(Records supplied):
# # # #

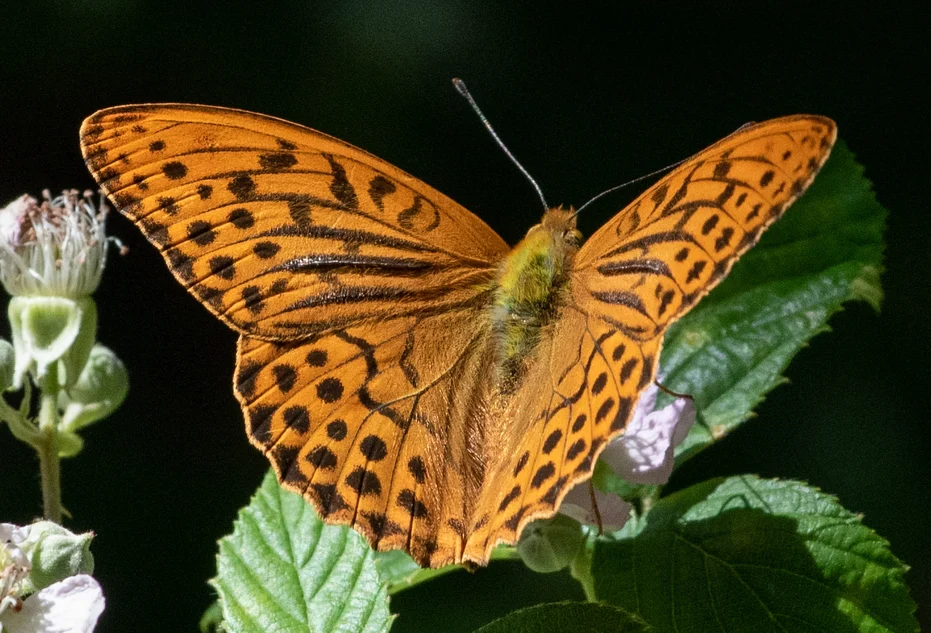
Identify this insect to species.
Argynnis paphia
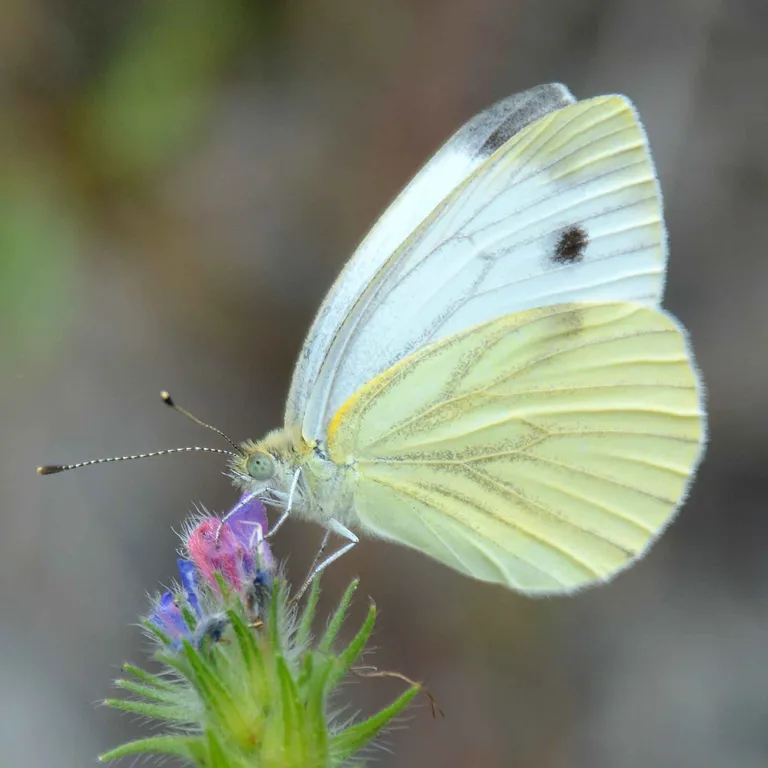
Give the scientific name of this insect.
Pieris napi
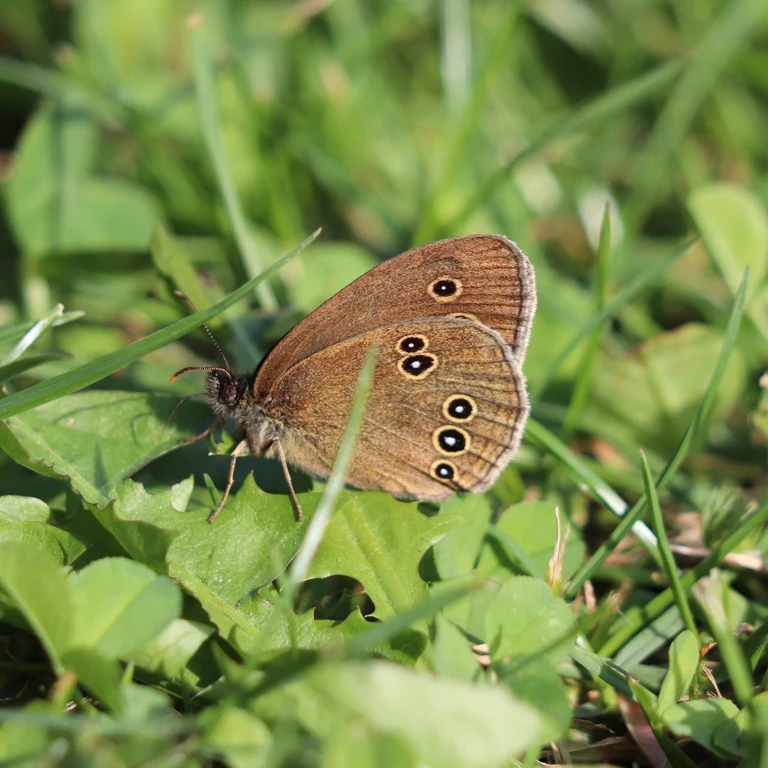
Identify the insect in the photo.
Aphantopus hyperantus
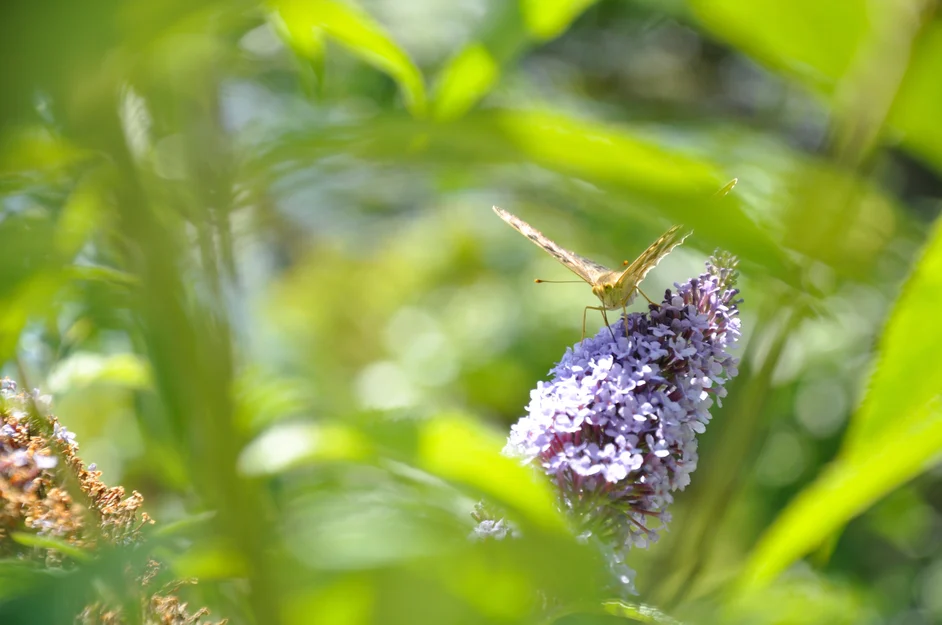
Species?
Argynnis paphia
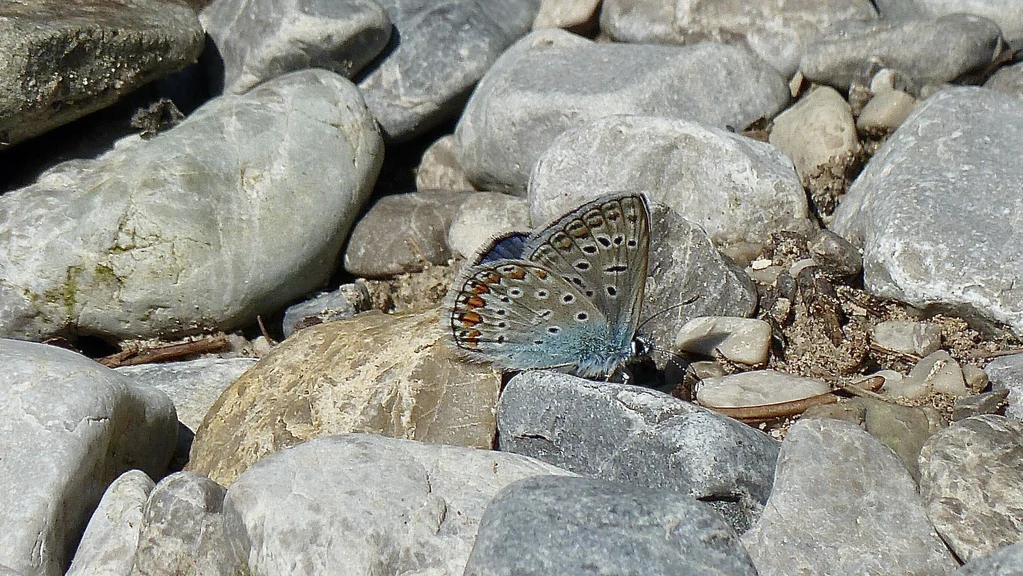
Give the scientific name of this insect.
Polyommatus icarus
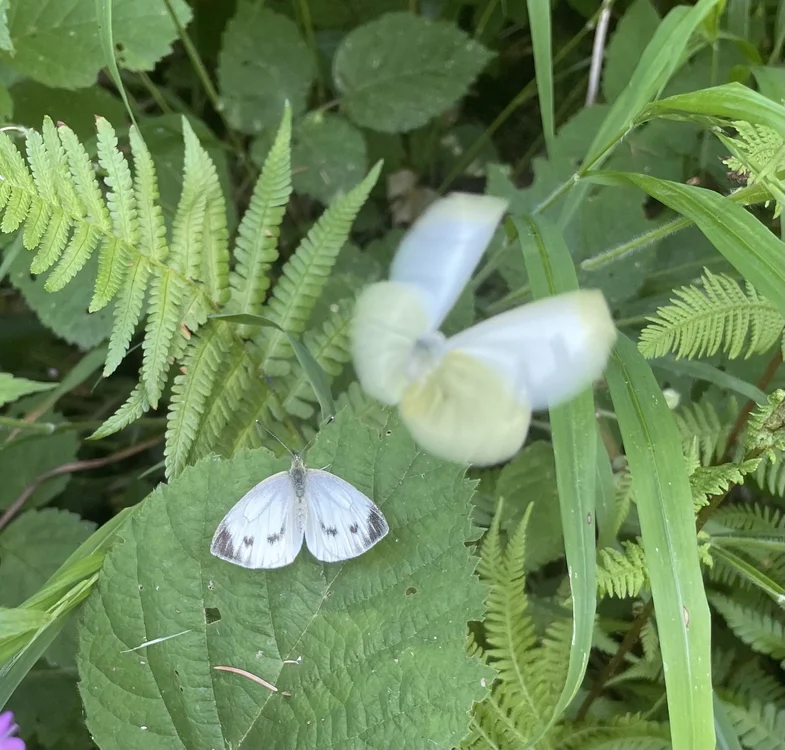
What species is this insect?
Pieris napi
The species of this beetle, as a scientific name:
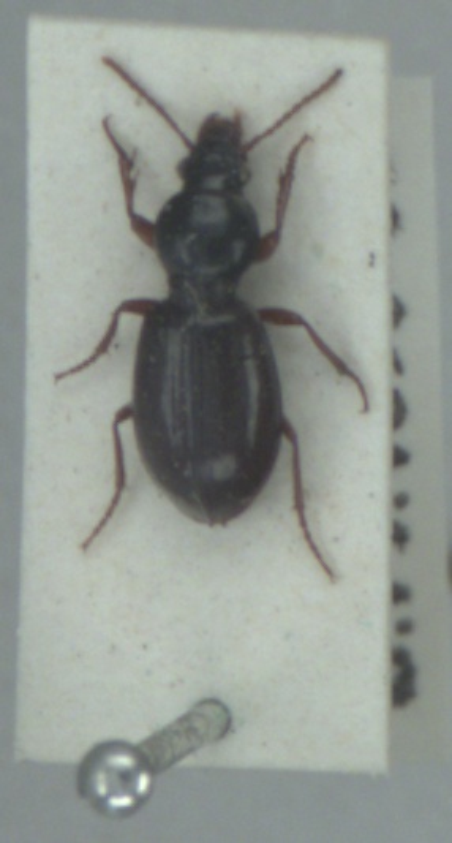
Miscodera arctica
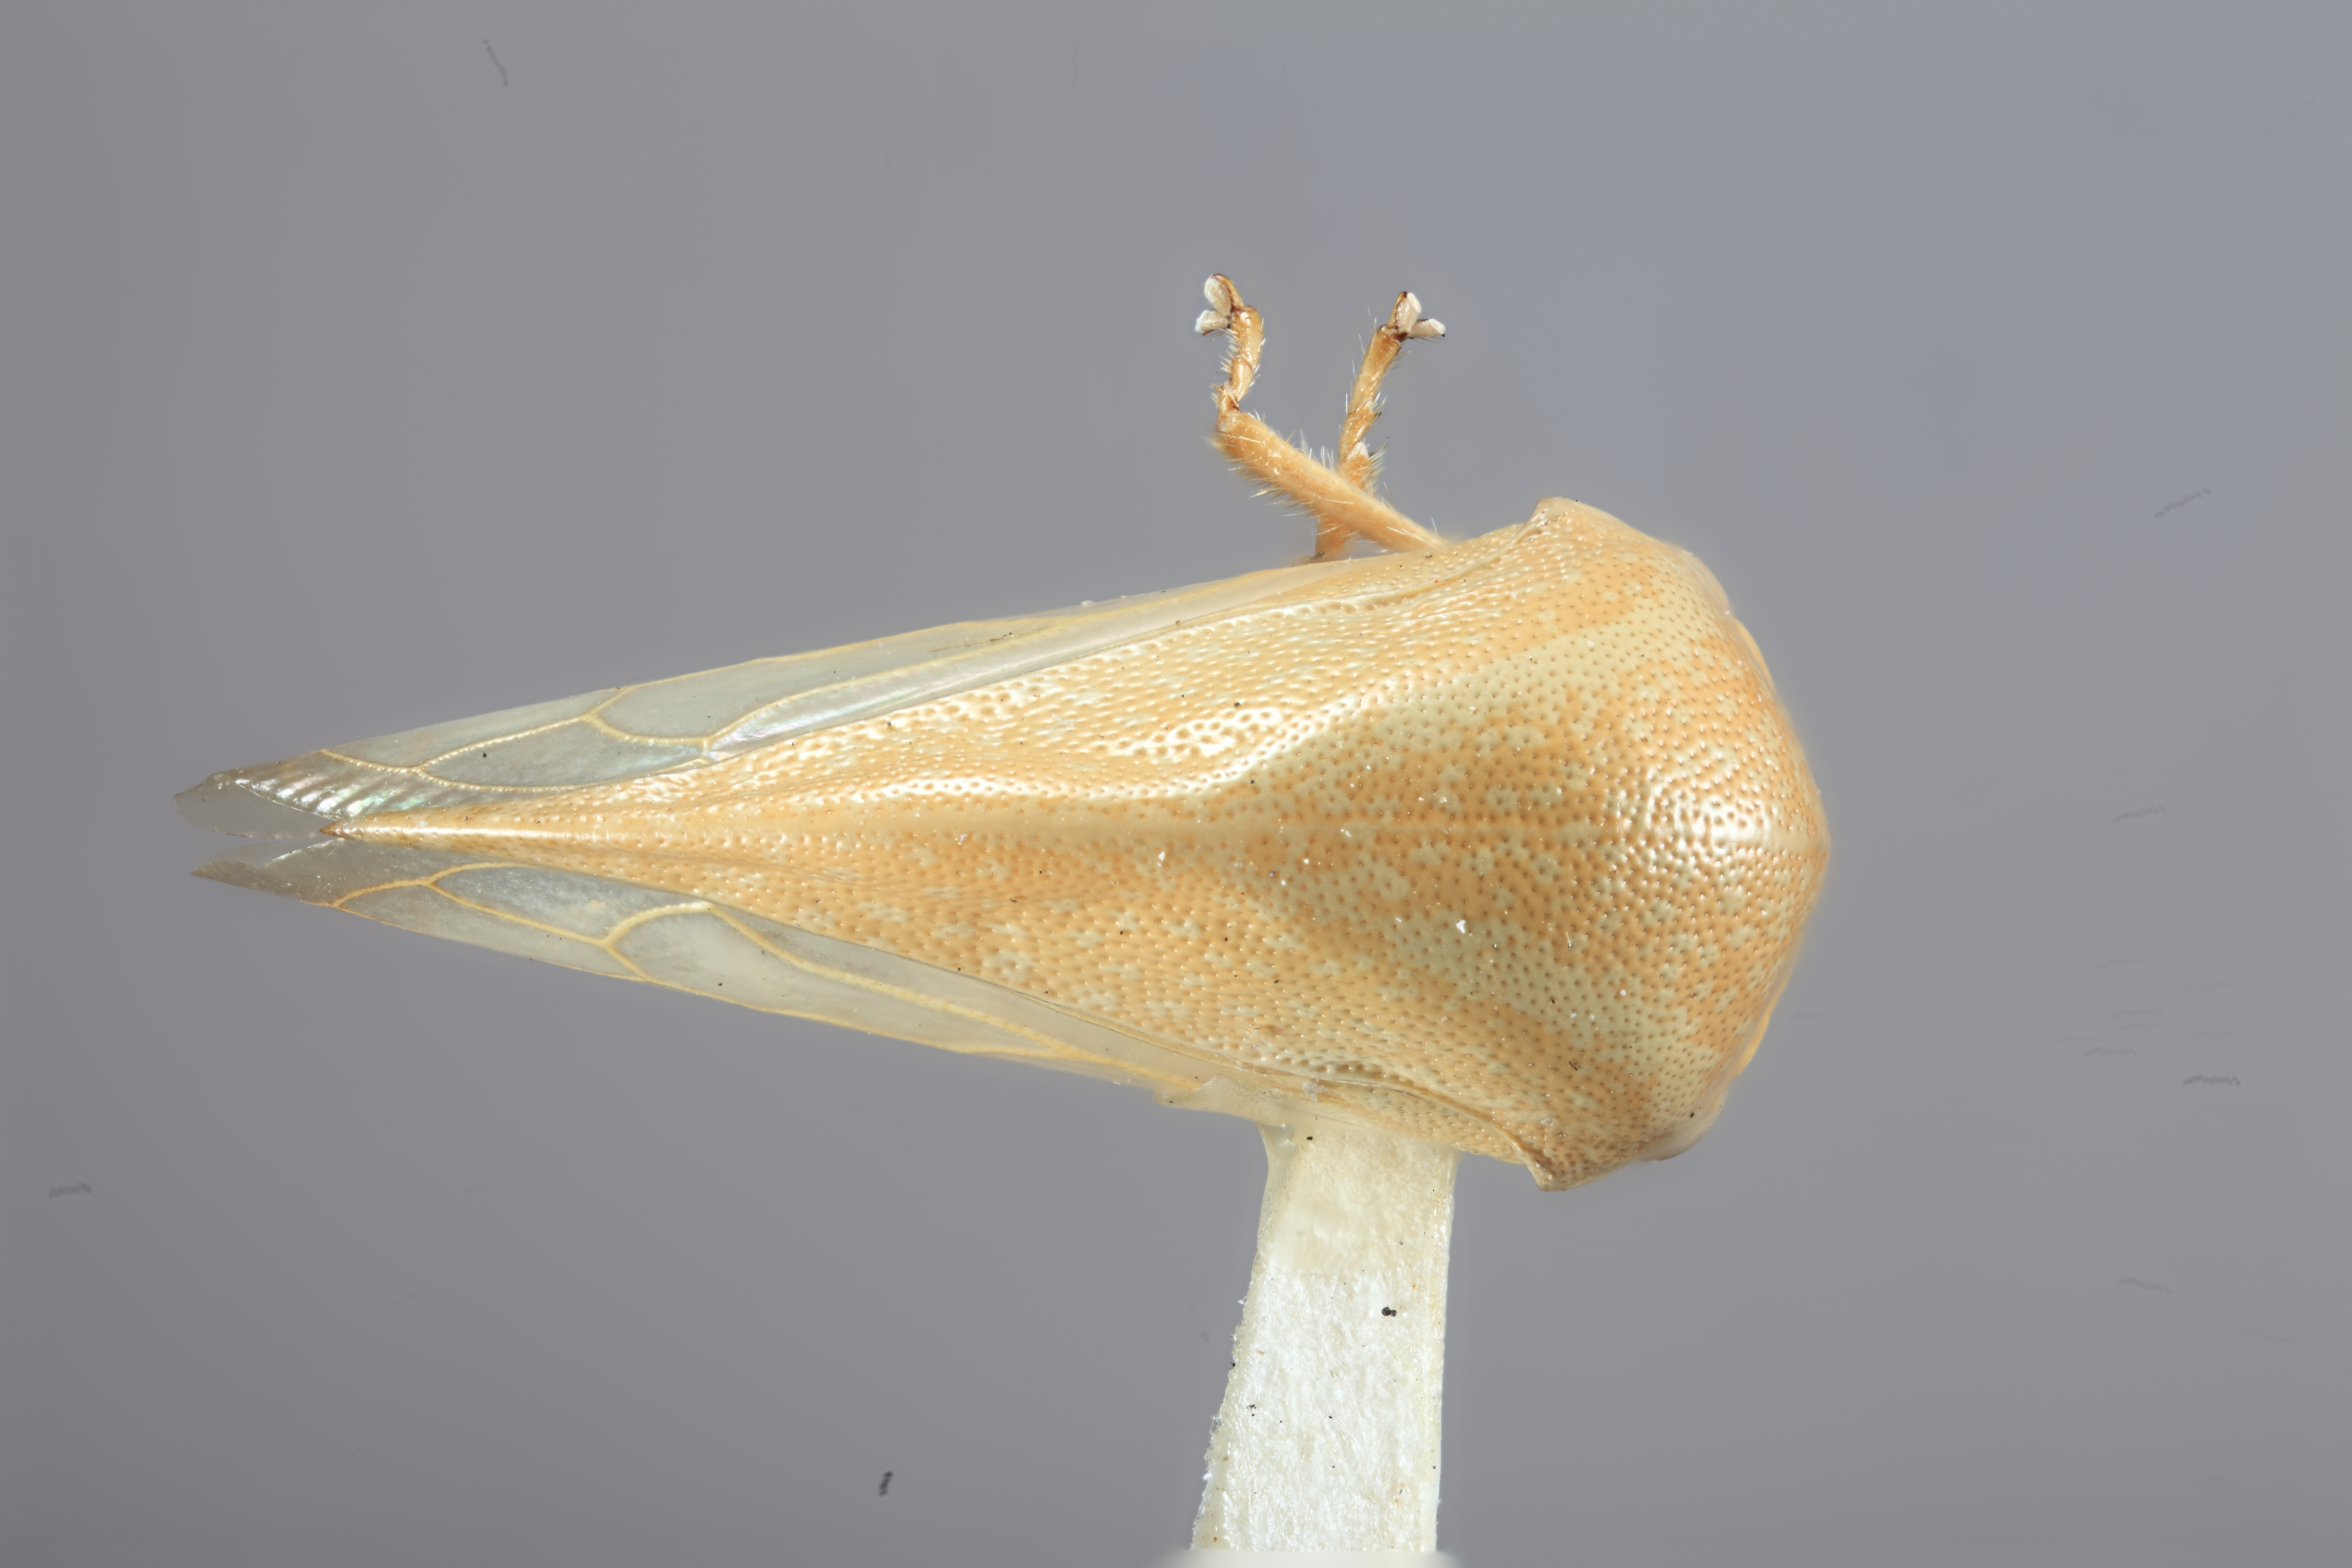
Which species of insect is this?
Anisostylus fulgida
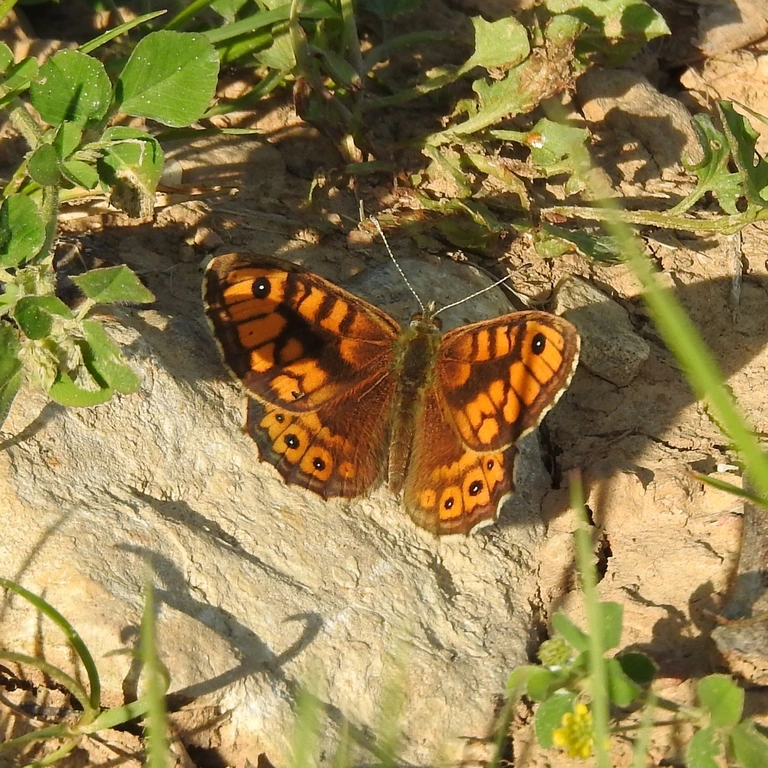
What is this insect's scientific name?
Lasiommata megera (also Pararge megera)
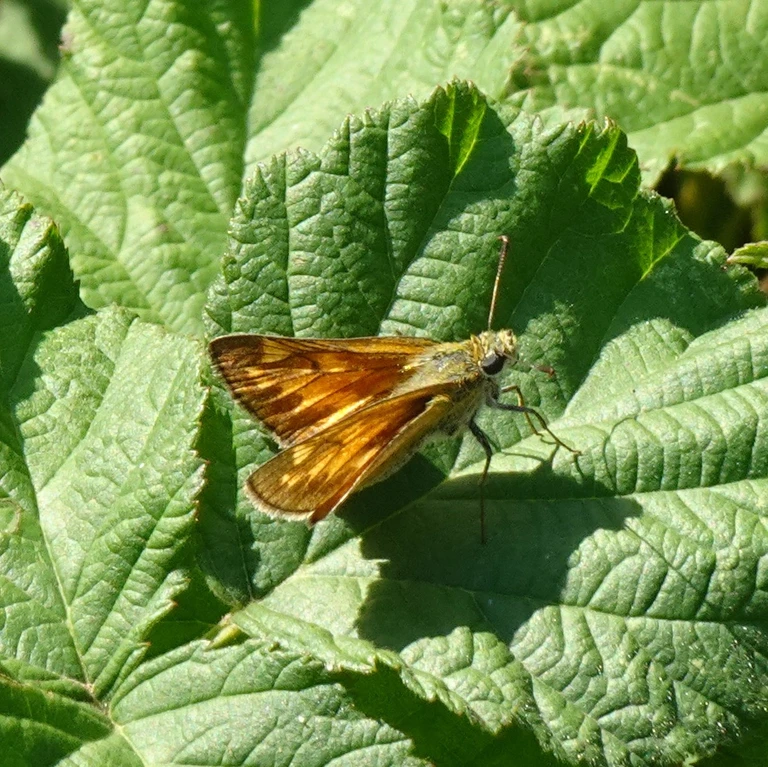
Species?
Ochlodes sylvanus (also Ochlodes venata)

# # # #

(What to do): Return each line above word for word. Skip the pictures.

(Output of the task):
Identify this insect to species.
Argynnis paphia
Give the scientific name of this insect.
Pieris napi
Identify the insect in the photo.
Aphantopus hyperantus
Species?
Argynnis paphia
Give the scientific name of this insect.
Polyommatus icarus
What species is this insect?
Pieris napi
The species of this beetle, as a scientific name:
Miscodera arctica
Which species of insect is this?
Anisostylus fulgida
What is this insect's scientific name?
Lasiommata megera (also Pararge megera)
Species?
Ochlodes sylvanus (also Ochlodes venata)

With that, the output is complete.